*REQUIRED ACTION*:
Before copying, set the pictures aside; then repeat every line below verbatim.

*Items listed in a dataset*:

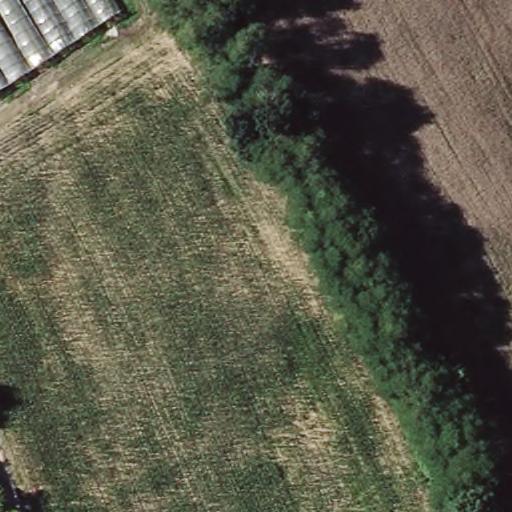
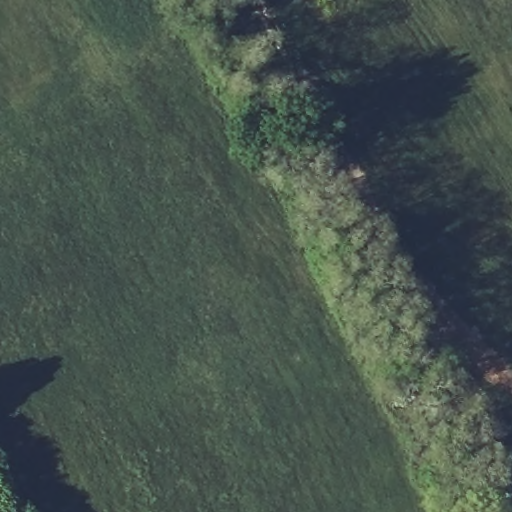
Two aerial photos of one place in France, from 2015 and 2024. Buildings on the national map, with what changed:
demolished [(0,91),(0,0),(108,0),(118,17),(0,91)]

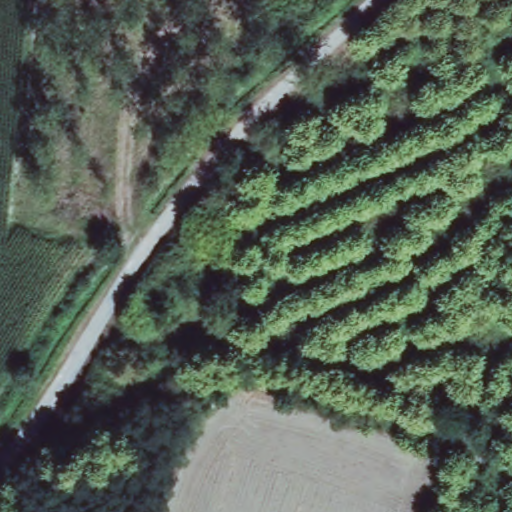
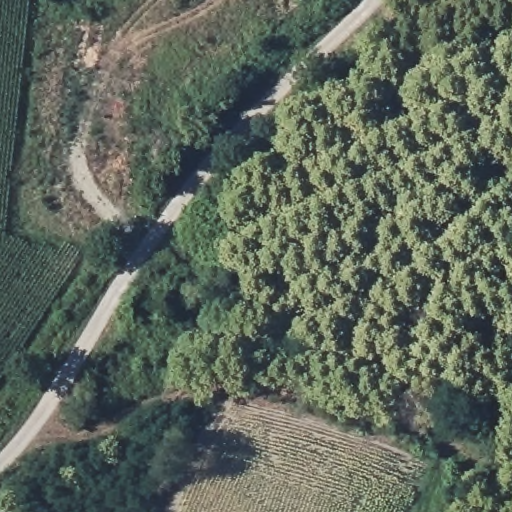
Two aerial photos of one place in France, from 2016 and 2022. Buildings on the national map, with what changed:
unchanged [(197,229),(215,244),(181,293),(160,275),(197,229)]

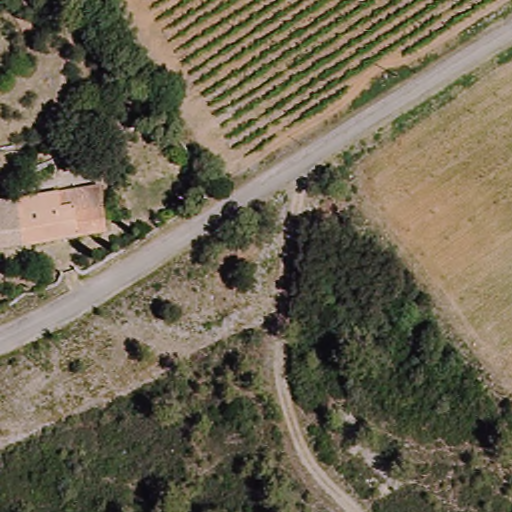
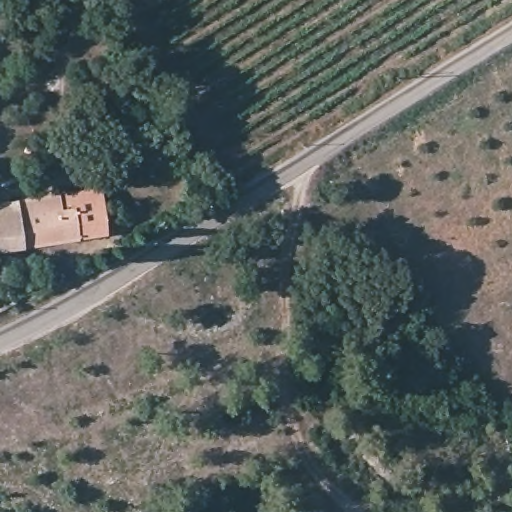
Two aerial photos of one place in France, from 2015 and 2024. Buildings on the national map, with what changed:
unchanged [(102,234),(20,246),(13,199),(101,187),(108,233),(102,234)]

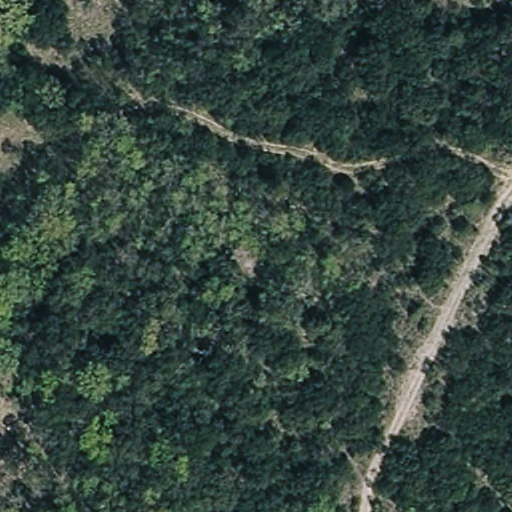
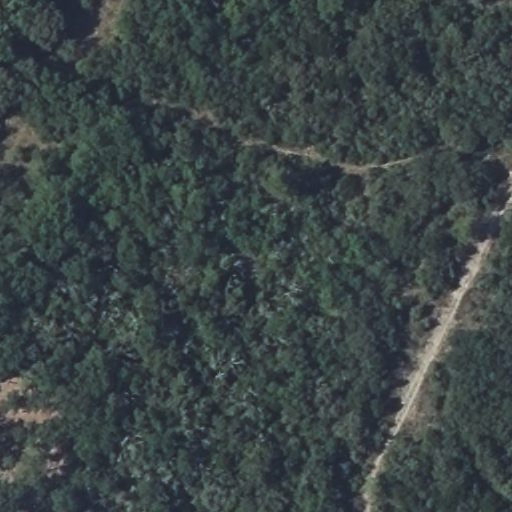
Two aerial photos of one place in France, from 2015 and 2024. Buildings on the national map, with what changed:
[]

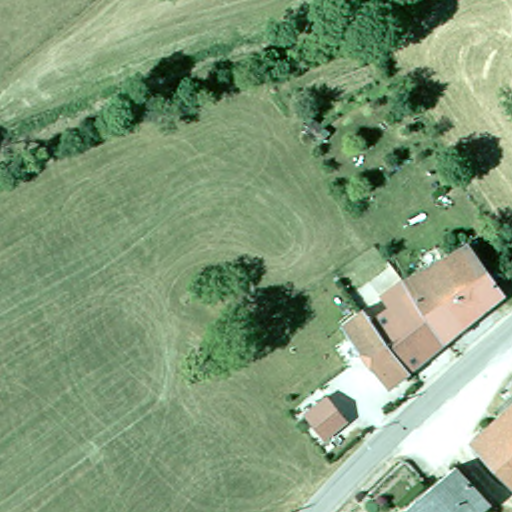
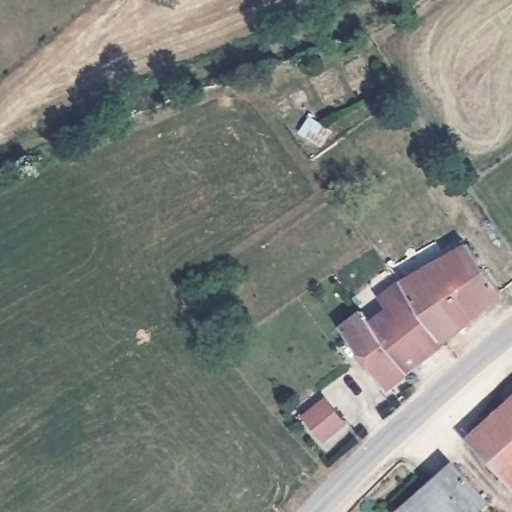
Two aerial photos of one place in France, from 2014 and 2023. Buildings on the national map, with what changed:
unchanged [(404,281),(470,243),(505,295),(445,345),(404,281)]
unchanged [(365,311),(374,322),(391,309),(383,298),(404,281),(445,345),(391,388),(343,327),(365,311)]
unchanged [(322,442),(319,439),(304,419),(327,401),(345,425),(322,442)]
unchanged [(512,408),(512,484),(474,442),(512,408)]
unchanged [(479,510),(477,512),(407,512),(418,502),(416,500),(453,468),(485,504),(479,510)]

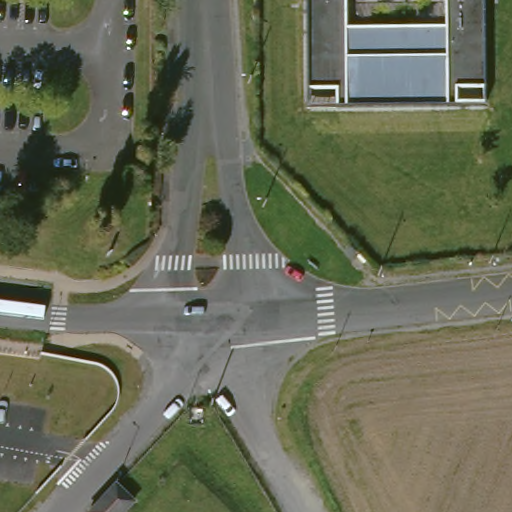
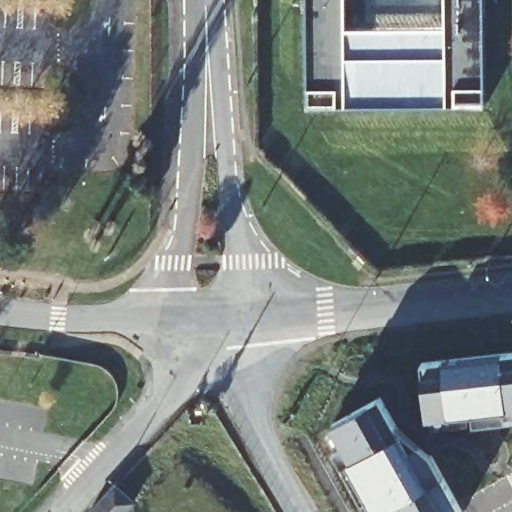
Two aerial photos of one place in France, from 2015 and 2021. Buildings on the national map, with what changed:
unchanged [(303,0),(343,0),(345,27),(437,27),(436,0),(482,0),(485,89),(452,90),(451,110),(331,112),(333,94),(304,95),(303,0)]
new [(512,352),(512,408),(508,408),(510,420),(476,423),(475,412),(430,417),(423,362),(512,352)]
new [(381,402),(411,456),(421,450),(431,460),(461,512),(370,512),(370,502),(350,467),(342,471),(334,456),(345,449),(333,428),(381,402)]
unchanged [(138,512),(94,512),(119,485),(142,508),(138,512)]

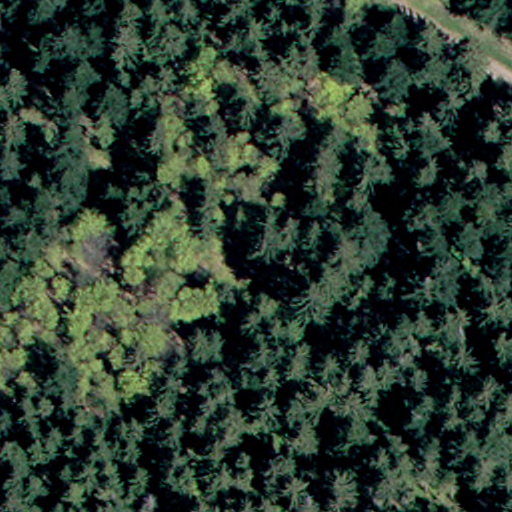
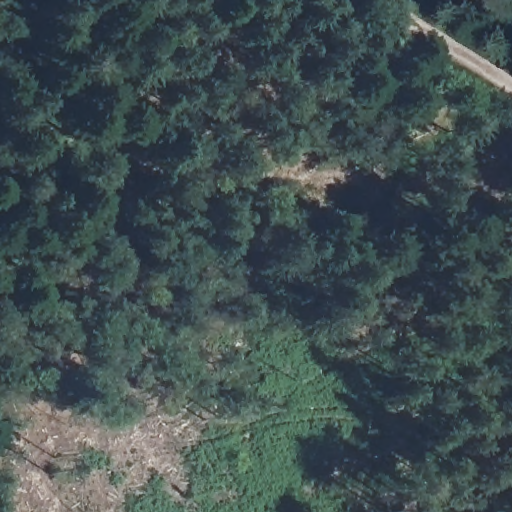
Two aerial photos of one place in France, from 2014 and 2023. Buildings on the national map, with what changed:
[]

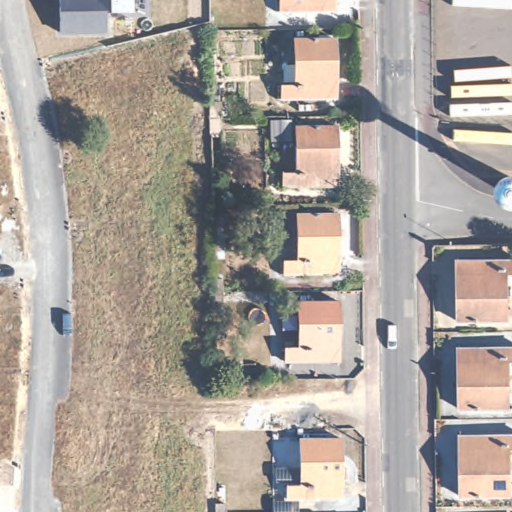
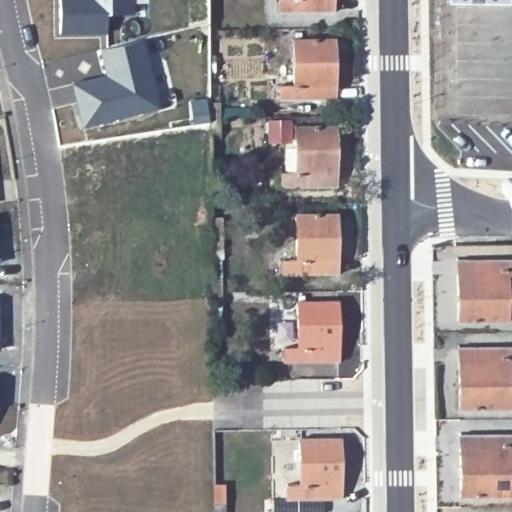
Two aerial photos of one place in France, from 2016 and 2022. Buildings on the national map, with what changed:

*ANSWER TO THIS EXERCISE*:
Two aerial photos of one place in France, from 2015 and 2024. Buildings on the national map, with what changed:
demolished [(0,91),(0,0),(108,0),(118,17),(0,91)]

Two aerial photos of one place in France, from 2016 and 2022. Buildings on the national map, with what changed:
unchanged [(197,229),(215,244),(181,293),(160,275),(197,229)]

Two aerial photos of one place in France, from 2015 and 2024. Buildings on the national map, with what changed:
unchanged [(102,234),(20,246),(13,199),(101,187),(108,233),(102,234)]

Two aerial photos of one place in France, from 2015 and 2024. Buildings on the national map, with what changed:
[]

Two aerial photos of one place in France, from 2014 and 2023. Buildings on the national map, with what changed:
unchanged [(404,281),(470,243),(505,295),(445,345),(404,281)]
unchanged [(365,311),(374,322),(391,309),(383,298),(404,281),(445,345),(391,388),(343,327),(365,311)]
unchanged [(322,442),(319,439),(304,419),(327,401),(345,425),(322,442)]
unchanged [(512,408),(512,484),(474,442),(512,408)]
unchanged [(479,510),(477,512),(407,512),(418,502),(416,500),(453,468),(485,504),(479,510)]

Two aerial photos of one place in France, from 2015 and 2021. Buildings on the national map, with what changed:
unchanged [(303,0),(343,0),(345,27),(437,27),(436,0),(482,0),(485,89),(452,90),(451,110),(331,112),(333,94),(304,95),(303,0)]
new [(512,352),(512,408),(508,408),(510,420),(476,423),(475,412),(430,417),(423,362),(512,352)]
new [(381,402),(411,456),(421,450),(431,460),(461,512),(370,512),(370,502),(350,467),(342,471),(334,456),(345,449),(333,428),(381,402)]
unchanged [(138,512),(94,512),(119,485),(142,508),(138,512)]

Two aerial photos of one place in France, from 2014 and 2023. Buildings on the national map, with what changed:
[]

Two aerial photos of one place in France, from 2016 and 2022. Buildings on the national map, with what changed:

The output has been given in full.